▸ About this task: For the data that follows, report how many lines contain the word "rect", and nothing else.
· · · ·
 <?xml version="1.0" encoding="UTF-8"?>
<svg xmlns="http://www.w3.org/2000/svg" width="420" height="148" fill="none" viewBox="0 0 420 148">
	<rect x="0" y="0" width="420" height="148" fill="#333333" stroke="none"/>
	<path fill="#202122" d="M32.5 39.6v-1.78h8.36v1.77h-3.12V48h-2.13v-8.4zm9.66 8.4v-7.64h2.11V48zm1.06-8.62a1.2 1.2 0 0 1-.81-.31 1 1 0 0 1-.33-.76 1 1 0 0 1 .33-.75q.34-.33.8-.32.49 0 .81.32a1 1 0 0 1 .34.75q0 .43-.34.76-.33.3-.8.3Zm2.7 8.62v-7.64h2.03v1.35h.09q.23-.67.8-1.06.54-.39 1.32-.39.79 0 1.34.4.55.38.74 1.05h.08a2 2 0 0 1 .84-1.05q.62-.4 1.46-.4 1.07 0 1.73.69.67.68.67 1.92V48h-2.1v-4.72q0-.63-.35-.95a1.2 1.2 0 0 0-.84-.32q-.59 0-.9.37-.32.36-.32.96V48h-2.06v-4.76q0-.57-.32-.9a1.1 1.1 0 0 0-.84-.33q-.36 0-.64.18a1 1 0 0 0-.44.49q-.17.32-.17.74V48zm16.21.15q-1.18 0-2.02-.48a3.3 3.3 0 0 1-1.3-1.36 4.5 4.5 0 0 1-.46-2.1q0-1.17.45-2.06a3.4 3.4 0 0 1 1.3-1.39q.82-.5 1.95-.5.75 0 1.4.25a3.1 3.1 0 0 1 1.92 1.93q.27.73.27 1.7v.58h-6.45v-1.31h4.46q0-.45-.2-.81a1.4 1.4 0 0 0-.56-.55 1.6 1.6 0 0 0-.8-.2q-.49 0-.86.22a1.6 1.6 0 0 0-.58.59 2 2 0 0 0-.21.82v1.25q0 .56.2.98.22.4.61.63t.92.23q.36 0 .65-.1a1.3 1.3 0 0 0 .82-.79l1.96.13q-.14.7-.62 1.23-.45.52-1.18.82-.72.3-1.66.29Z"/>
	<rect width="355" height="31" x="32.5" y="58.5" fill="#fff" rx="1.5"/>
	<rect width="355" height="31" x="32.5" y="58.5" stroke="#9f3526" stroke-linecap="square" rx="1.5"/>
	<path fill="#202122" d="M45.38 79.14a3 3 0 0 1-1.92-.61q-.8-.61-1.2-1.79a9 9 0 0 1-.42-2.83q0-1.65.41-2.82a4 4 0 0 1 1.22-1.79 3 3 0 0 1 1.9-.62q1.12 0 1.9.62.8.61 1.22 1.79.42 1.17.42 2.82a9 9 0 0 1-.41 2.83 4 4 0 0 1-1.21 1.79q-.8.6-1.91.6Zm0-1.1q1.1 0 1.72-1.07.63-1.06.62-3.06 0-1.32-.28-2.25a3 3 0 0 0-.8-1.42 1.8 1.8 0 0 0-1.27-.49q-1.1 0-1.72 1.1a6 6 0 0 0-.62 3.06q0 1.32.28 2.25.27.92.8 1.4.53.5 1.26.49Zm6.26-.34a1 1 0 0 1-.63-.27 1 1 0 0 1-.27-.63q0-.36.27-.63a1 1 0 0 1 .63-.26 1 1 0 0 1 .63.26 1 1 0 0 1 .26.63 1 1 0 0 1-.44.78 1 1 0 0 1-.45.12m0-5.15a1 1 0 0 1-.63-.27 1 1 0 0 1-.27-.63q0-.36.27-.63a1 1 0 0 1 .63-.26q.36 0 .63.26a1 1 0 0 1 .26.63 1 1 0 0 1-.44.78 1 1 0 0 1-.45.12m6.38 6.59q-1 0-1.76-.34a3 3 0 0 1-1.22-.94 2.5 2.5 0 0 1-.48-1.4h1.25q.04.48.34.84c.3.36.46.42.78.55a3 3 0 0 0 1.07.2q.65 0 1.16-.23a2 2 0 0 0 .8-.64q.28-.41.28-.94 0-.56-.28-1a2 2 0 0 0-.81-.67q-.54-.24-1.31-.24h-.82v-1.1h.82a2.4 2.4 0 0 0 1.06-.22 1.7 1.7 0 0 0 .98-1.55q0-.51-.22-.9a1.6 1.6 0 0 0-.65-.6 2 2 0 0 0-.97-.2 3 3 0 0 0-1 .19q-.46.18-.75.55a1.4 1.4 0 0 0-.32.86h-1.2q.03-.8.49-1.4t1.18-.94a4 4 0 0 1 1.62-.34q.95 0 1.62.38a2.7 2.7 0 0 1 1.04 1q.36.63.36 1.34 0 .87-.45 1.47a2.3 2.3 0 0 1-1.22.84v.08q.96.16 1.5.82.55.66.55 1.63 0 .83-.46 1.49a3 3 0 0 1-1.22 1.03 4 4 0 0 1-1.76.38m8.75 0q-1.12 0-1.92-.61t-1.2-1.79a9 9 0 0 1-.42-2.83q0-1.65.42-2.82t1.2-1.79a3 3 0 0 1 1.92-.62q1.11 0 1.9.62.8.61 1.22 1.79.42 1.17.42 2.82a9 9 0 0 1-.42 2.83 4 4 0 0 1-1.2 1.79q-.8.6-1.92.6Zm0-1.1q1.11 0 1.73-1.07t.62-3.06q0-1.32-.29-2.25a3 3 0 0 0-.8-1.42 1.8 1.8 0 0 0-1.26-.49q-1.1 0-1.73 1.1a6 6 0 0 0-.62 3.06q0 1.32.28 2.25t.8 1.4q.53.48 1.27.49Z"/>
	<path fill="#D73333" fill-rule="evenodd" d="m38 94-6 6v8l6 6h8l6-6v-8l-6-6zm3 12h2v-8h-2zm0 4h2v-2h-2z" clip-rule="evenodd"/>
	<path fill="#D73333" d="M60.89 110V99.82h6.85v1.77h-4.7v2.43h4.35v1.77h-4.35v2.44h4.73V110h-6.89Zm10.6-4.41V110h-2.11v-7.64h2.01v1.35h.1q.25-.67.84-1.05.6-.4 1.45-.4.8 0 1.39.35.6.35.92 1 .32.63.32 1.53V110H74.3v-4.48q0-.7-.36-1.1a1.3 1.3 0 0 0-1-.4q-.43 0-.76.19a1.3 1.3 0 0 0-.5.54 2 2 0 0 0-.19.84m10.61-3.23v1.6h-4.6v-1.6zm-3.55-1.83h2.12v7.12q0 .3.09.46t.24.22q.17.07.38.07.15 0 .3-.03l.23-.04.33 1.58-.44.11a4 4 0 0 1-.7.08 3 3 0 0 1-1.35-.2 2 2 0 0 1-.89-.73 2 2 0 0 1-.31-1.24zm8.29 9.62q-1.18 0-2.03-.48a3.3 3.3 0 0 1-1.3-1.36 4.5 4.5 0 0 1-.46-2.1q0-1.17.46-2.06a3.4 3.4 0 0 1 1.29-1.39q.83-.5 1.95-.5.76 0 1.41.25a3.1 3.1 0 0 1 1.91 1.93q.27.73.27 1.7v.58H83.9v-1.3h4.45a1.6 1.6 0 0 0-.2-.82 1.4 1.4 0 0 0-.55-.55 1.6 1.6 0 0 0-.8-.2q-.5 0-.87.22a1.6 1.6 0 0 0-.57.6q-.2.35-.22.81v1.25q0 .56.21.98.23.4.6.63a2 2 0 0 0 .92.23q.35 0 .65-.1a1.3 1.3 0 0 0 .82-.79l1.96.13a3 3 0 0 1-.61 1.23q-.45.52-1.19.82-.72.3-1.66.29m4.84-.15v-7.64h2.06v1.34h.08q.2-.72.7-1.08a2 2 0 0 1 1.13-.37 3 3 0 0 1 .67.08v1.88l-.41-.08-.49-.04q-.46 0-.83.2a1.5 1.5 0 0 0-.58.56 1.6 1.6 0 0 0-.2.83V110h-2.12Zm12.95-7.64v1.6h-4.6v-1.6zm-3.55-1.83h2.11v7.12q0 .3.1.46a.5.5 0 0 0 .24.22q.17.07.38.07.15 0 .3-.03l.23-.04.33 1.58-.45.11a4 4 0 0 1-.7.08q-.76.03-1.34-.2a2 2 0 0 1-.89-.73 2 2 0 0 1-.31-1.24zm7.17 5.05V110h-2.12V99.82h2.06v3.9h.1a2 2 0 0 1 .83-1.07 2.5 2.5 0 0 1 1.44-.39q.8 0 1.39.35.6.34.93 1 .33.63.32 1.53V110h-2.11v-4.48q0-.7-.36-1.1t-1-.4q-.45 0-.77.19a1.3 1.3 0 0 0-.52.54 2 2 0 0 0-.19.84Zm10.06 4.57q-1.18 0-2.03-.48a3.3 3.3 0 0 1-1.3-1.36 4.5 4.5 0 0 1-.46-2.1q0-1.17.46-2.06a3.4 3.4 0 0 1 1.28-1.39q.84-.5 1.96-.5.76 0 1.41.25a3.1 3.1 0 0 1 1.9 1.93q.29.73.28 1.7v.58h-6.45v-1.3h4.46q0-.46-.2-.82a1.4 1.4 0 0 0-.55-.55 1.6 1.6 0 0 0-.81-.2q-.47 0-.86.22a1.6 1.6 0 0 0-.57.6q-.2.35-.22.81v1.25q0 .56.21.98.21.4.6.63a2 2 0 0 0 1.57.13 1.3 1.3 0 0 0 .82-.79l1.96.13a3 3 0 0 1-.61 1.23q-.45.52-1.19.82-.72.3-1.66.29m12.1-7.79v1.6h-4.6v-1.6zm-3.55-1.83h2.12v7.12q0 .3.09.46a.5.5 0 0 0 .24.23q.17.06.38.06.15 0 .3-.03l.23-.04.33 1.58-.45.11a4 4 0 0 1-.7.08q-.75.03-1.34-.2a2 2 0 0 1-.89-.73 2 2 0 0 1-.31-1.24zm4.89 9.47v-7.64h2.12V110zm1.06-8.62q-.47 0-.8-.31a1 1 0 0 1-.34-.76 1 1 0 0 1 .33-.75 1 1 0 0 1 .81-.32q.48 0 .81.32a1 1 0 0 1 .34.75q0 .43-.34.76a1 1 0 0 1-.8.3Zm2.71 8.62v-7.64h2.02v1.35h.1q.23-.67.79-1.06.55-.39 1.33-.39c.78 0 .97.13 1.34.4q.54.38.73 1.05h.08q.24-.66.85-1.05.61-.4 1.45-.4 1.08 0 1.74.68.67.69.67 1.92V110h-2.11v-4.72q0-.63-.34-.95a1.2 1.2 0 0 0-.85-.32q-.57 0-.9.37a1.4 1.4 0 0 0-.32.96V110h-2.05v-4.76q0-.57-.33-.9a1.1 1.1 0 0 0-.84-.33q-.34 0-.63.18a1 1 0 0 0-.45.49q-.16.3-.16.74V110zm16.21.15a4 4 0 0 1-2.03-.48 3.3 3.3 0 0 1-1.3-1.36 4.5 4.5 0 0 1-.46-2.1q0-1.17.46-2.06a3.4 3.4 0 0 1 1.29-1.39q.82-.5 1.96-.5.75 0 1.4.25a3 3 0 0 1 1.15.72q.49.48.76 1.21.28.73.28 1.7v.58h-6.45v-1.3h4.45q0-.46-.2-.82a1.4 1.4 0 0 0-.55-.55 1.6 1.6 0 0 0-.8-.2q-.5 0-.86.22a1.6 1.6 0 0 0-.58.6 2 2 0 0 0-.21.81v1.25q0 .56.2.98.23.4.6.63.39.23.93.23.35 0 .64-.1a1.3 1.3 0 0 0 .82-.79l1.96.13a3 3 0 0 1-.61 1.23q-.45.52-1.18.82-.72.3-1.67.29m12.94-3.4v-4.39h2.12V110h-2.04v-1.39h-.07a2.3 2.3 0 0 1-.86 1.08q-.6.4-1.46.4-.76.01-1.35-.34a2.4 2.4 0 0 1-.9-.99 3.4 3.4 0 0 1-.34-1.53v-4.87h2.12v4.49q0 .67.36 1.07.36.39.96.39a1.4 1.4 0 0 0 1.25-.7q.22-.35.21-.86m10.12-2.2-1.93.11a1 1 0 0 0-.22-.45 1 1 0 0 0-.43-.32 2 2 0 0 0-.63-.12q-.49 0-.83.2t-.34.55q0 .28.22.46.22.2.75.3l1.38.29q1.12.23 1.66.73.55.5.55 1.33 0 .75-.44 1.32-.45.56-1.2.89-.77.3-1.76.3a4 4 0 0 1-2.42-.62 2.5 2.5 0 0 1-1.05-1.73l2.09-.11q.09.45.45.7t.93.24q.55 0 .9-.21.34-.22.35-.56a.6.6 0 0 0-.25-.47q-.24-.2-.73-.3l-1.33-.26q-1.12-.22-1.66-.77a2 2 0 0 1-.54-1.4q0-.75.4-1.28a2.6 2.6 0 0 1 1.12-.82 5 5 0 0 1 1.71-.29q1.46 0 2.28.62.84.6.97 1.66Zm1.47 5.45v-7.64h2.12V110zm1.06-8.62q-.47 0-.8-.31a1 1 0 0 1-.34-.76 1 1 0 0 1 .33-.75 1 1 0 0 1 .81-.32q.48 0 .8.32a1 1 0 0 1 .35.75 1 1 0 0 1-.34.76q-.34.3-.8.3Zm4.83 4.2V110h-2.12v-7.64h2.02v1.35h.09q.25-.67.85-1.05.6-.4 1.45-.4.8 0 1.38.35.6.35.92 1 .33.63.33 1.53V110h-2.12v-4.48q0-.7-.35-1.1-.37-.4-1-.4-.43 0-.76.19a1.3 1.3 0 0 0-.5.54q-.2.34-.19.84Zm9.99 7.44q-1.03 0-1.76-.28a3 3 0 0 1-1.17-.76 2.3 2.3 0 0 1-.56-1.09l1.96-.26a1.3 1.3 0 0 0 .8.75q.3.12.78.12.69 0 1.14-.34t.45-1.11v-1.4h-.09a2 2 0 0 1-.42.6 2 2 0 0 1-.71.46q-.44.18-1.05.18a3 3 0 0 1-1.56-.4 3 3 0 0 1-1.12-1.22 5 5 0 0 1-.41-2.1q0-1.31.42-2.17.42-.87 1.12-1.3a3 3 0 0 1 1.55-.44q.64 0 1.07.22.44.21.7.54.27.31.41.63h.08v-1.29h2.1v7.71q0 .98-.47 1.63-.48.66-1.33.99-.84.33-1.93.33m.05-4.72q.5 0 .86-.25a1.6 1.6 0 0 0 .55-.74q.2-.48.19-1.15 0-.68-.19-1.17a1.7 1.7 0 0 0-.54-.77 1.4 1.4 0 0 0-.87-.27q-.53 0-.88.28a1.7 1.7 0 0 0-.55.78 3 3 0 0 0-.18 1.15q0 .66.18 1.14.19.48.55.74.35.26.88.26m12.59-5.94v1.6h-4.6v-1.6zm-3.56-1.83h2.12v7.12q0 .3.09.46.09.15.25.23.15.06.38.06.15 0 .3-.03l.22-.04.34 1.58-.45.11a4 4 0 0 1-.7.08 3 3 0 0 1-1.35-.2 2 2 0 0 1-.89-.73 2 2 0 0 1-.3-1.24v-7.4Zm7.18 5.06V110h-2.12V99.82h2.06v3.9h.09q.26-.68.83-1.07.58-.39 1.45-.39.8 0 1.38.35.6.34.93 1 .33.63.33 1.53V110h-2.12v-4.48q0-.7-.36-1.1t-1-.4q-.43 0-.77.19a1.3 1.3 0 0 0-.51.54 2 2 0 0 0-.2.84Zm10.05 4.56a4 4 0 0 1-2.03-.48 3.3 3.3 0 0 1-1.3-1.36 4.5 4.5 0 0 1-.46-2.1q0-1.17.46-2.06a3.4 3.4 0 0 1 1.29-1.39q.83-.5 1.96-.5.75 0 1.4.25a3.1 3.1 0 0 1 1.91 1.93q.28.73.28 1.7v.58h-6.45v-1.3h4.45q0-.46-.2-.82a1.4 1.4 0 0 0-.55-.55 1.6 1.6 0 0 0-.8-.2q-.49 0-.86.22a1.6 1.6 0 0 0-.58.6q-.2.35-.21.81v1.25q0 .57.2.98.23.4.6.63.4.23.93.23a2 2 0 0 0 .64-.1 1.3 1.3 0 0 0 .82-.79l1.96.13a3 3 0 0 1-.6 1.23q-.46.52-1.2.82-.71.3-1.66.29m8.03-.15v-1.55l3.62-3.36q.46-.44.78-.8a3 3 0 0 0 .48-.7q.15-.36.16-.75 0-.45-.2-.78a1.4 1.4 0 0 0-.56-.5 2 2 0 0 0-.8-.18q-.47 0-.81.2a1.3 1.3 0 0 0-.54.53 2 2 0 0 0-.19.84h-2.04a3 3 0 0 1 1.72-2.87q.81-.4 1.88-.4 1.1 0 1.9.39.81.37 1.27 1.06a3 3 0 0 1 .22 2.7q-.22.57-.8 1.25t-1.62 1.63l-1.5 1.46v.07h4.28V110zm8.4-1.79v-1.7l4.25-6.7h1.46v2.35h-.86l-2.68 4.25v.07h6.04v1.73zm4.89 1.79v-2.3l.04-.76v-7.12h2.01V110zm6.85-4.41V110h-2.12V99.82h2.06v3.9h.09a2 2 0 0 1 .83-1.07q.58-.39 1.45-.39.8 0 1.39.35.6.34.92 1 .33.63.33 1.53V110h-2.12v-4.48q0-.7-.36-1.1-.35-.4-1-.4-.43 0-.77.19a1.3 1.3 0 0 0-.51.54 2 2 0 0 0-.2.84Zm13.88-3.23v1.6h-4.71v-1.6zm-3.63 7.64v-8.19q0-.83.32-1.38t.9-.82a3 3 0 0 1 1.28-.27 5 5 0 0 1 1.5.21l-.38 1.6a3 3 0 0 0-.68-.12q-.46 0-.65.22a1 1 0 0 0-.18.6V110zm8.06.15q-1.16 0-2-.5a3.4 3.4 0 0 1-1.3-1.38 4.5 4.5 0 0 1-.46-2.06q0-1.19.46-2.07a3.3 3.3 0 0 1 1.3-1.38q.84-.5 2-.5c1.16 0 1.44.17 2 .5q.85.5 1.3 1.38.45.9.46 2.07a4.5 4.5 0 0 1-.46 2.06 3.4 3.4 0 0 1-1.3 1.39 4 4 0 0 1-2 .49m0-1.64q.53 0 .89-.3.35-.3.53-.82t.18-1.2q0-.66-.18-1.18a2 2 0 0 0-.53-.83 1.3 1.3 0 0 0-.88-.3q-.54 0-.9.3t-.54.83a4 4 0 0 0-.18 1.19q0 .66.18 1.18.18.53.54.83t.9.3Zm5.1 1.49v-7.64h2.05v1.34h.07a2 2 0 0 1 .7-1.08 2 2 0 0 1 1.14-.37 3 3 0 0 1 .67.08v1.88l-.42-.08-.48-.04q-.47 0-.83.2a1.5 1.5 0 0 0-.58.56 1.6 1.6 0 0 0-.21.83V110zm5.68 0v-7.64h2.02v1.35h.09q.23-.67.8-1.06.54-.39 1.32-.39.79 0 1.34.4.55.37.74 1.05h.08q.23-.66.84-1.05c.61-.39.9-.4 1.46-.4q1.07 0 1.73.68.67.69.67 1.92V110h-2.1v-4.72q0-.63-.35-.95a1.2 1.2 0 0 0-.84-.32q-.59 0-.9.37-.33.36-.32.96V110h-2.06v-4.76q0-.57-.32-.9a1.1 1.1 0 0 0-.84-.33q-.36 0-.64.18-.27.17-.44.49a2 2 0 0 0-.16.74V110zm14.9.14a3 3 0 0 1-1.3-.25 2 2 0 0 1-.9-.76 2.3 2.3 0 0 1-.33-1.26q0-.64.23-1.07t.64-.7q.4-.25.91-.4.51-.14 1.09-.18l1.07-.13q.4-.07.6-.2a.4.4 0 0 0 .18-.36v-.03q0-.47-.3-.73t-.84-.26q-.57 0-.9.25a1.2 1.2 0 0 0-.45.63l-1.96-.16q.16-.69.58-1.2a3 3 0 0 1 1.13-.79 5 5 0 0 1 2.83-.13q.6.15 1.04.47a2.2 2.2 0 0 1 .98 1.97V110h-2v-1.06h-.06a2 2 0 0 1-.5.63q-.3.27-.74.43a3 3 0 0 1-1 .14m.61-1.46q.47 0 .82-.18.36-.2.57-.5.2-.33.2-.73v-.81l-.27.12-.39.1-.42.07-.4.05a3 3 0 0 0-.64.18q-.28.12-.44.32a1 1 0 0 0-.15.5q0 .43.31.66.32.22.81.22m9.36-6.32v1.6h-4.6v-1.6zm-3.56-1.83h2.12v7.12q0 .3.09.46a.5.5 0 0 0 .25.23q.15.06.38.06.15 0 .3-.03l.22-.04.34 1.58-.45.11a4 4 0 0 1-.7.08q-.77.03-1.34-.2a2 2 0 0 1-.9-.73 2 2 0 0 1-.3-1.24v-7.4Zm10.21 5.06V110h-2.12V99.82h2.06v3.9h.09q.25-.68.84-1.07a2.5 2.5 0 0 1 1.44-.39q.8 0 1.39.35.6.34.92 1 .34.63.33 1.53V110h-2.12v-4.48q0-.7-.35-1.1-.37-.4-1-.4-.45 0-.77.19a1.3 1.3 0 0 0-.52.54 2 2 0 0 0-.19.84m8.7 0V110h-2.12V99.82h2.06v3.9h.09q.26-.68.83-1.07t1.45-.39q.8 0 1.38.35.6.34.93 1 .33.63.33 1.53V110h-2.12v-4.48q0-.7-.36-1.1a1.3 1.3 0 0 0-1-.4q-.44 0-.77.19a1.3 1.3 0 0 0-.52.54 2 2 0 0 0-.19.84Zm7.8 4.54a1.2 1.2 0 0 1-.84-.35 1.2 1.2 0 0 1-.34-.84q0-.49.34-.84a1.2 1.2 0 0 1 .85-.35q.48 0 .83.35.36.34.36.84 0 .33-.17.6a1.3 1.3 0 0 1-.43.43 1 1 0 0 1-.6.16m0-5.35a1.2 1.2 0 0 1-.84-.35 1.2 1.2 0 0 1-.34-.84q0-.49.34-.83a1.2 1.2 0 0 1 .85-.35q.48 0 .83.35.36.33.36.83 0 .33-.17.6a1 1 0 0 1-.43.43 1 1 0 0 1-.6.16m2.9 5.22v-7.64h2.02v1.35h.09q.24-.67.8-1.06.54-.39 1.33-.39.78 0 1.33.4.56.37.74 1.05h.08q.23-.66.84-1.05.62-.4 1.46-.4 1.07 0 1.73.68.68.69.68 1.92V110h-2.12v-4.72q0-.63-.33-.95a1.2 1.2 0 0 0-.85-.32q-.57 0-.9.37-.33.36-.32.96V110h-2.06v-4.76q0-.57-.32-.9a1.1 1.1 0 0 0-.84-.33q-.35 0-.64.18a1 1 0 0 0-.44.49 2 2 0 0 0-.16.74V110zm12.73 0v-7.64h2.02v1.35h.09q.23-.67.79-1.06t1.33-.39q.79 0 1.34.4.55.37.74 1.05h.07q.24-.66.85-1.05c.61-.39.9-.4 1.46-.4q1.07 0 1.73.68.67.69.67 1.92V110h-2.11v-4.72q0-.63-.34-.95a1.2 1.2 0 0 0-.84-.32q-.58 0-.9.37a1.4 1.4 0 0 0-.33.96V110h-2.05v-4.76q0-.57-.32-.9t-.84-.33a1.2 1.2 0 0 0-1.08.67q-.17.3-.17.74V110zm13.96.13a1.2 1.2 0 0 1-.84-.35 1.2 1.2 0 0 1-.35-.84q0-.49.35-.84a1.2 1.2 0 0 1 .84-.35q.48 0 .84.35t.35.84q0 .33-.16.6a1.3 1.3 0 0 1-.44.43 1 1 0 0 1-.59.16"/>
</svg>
· · · ·
▸ Answer to the exercise: 3